L’intégrité physique de plusieurs élus, poussés à la démission par l’armée, est en jeu. La vie de milliers de militants et des populations autochtones dans le pays est menacée par une opposition fasciste et une oligarchie nostalgique des privilèges perdus depuis l’arrivée au pouvoir du premier président amérindien de Bolivie.
(Applaudissements sur les bancs des groupes FI et GDR. – M. Jean Lassalle applaudit également.)
Evo Morales a été poussé à la démission par l’armée et il a dû trouver l’asile politique au Mexique. La France se serait honorée de la lui proposer également. Evo Morales a été expulsé du pouvoir par la force, la sédition et la menace sur la vie de ses proches. Soucieux de garantir la paix civile, il avait même accepté la convocation de nouvelles élections après celles qu’il avait gagnées.

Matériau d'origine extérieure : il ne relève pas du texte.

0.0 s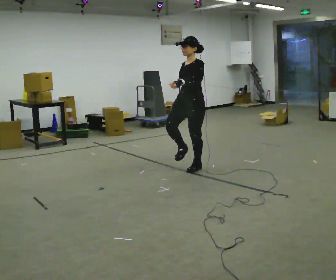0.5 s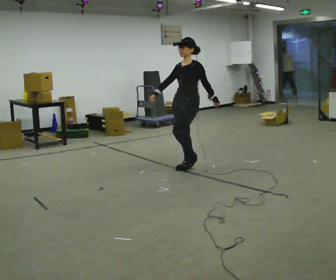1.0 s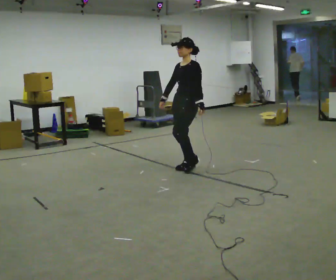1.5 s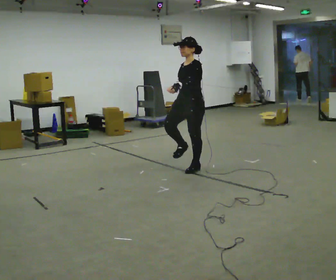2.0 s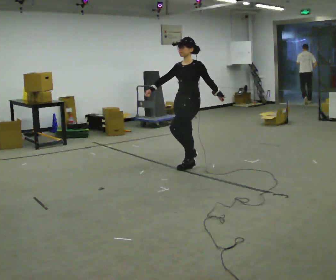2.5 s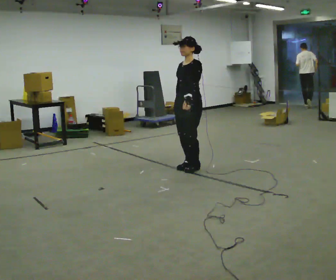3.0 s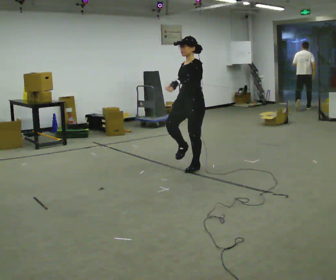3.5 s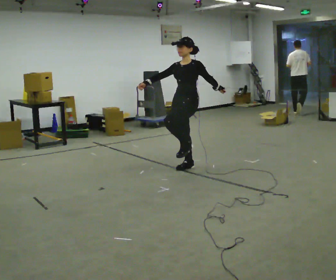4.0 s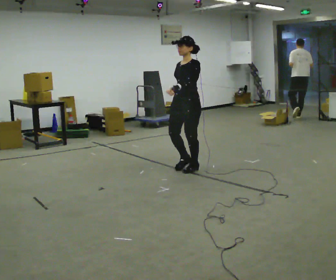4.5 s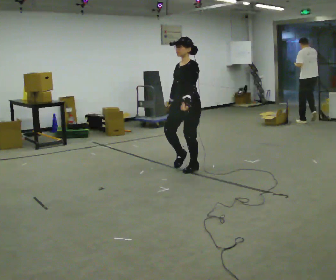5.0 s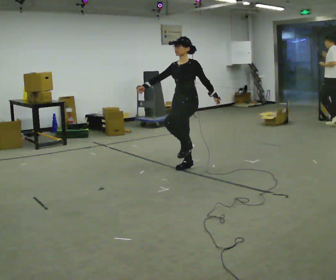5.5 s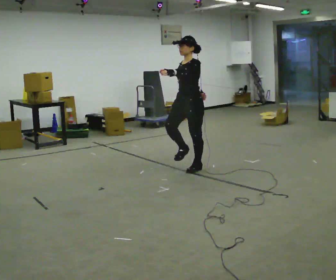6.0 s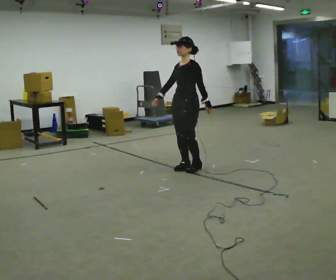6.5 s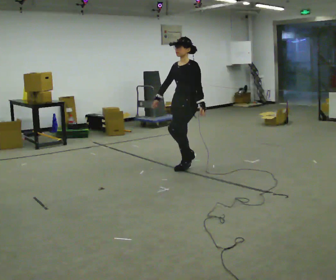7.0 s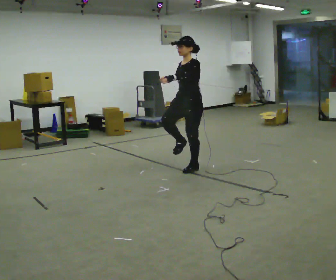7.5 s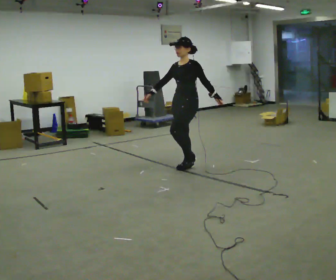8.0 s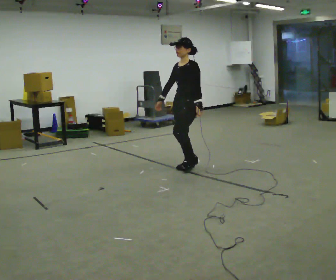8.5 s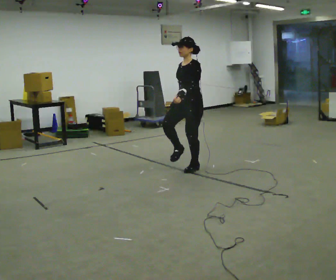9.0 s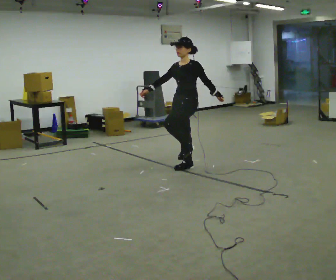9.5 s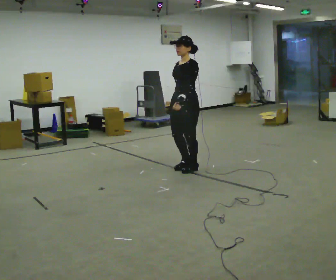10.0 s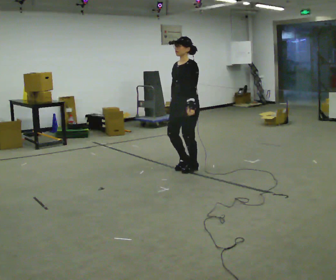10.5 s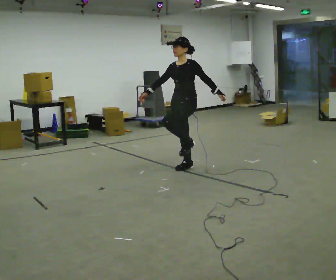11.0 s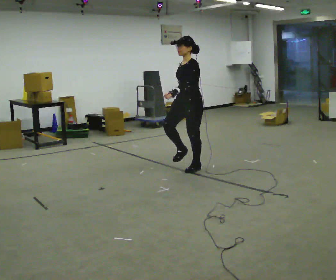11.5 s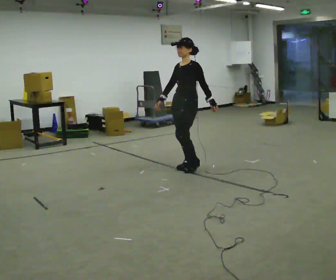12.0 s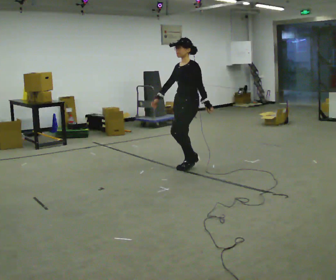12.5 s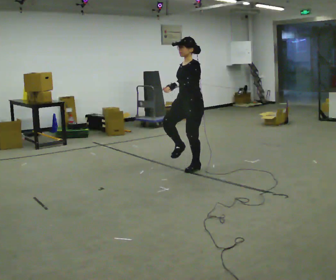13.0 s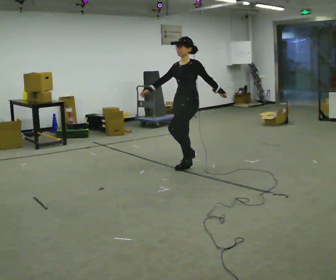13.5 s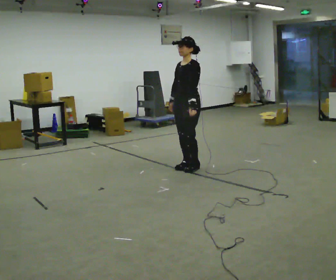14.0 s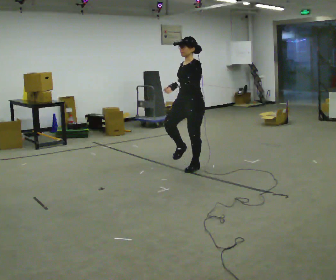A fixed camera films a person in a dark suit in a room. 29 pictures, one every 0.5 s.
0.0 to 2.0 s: In the picture their left hand goes to the right.
2.0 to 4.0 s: In the picture their left hand goes to the left.
4.0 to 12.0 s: In the picture their left hand goes to the right.
12.0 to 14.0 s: In the picture their left hand goes to the left.
The film runs backward here.
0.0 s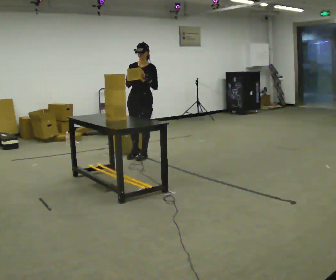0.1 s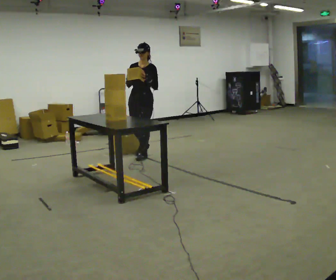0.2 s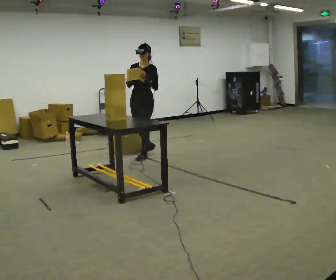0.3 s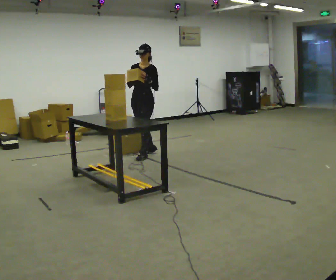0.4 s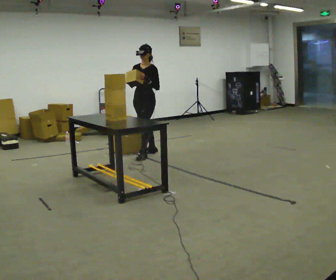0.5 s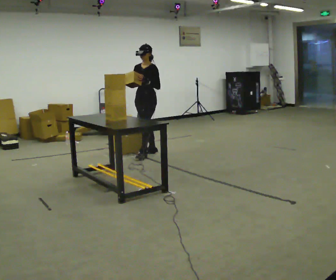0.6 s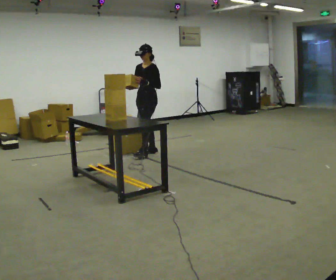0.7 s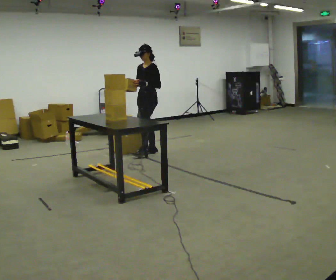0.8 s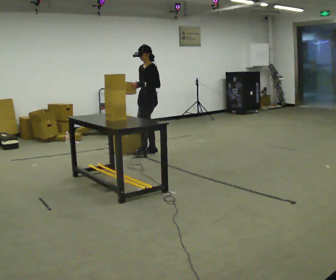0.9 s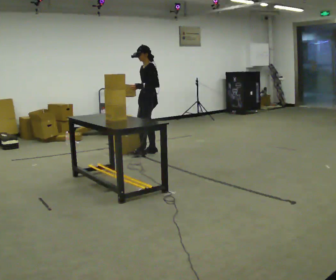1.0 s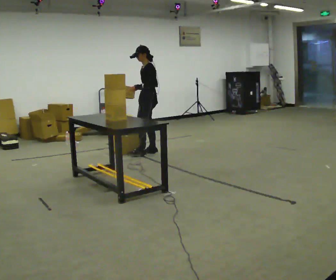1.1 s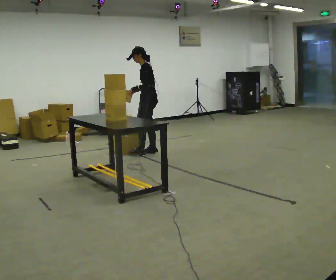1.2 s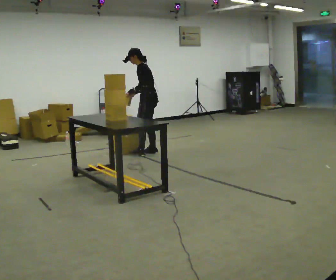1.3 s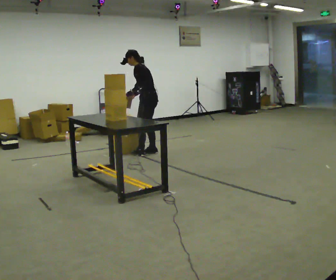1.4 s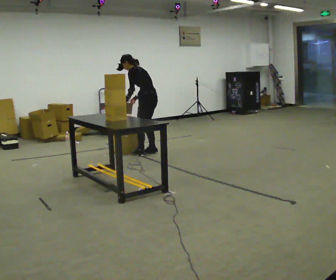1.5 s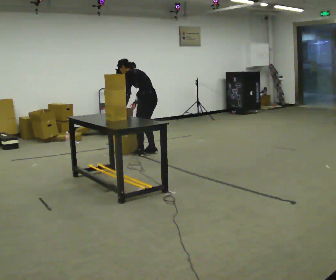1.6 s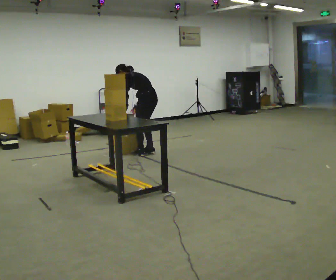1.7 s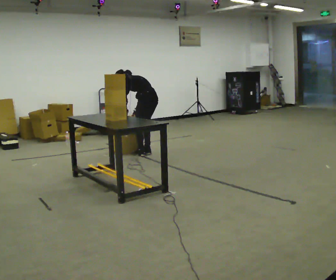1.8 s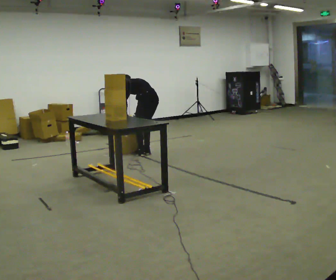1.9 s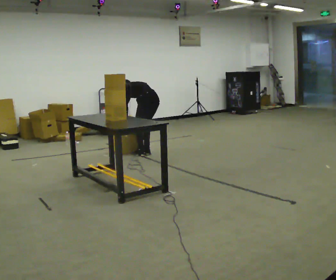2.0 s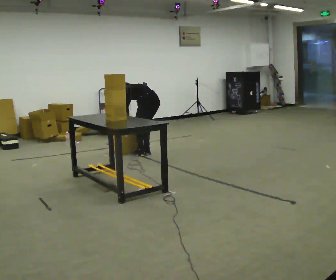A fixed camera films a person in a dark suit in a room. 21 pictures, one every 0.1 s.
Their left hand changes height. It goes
downward.
The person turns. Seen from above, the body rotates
clockwise.
0.0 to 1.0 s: The person turns about 60 degrees to their right, clockwise seen from above, so the part of the body nearest the lens slides to the left. In the picture they go away from the camera, about 0.25 m, which for them is backward and to their right.
1.0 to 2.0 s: The person turns about 60 degrees to their right, clockwise seen from above, so the part of the body nearest the lens slides to the left. In the picture they go toward the camera, about 0.25 m, which for them is to their left. The upper body goes downward. The upper body tips away from the camera, its near side rolling upward, as they bend forward. In the picture their right hand goes downward.
The film runs backward here.

Se taire sur la Bolivie, c’est préparer de nouveaux Bolsonaro. C’est approuver passivement les tweets pathologiques de Donald Trump, qui rêve de putschs permanents contre ses adversaires et de républiques andines où seuls les agents de la CIA pourraient voter.

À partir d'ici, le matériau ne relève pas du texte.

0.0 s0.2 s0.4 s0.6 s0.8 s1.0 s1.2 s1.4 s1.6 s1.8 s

(« Exactement ! » et applaudissements sur les bancs du groupe FI, ainsi que sur les bancs du groupe GDR. – M. Jean Lasalle applaudit également.)
Monsieur le ministre, vous vous souvenez du Chili assassiné par Pinochet et de l’immense vague de solidarité qui venait alors de France. Nous devons être à la hauteur de notre histoire. Nous vous demandons d’ouvrir l’ambassade et les consulats pour les opposants persécutés. (Mêmes mouvements.)
Le Président Macron doit assurer le président Morales de la solidarité de la France. Nous vous demandons de suspendre toute relation diplomatique avec les putschistes. L’honneur international de la France est en jeu – et pour nous, il pèse plus lourd que quelques mines de lithium que convoitent les Étasuniens ! Monsieur le Ministre,… Merci, madame la députée. La parole est à Mme la secrétaire d’État chargée des affaires européennes.
La parole est à Mme la secrétaire d’État chargée des affaires européennes.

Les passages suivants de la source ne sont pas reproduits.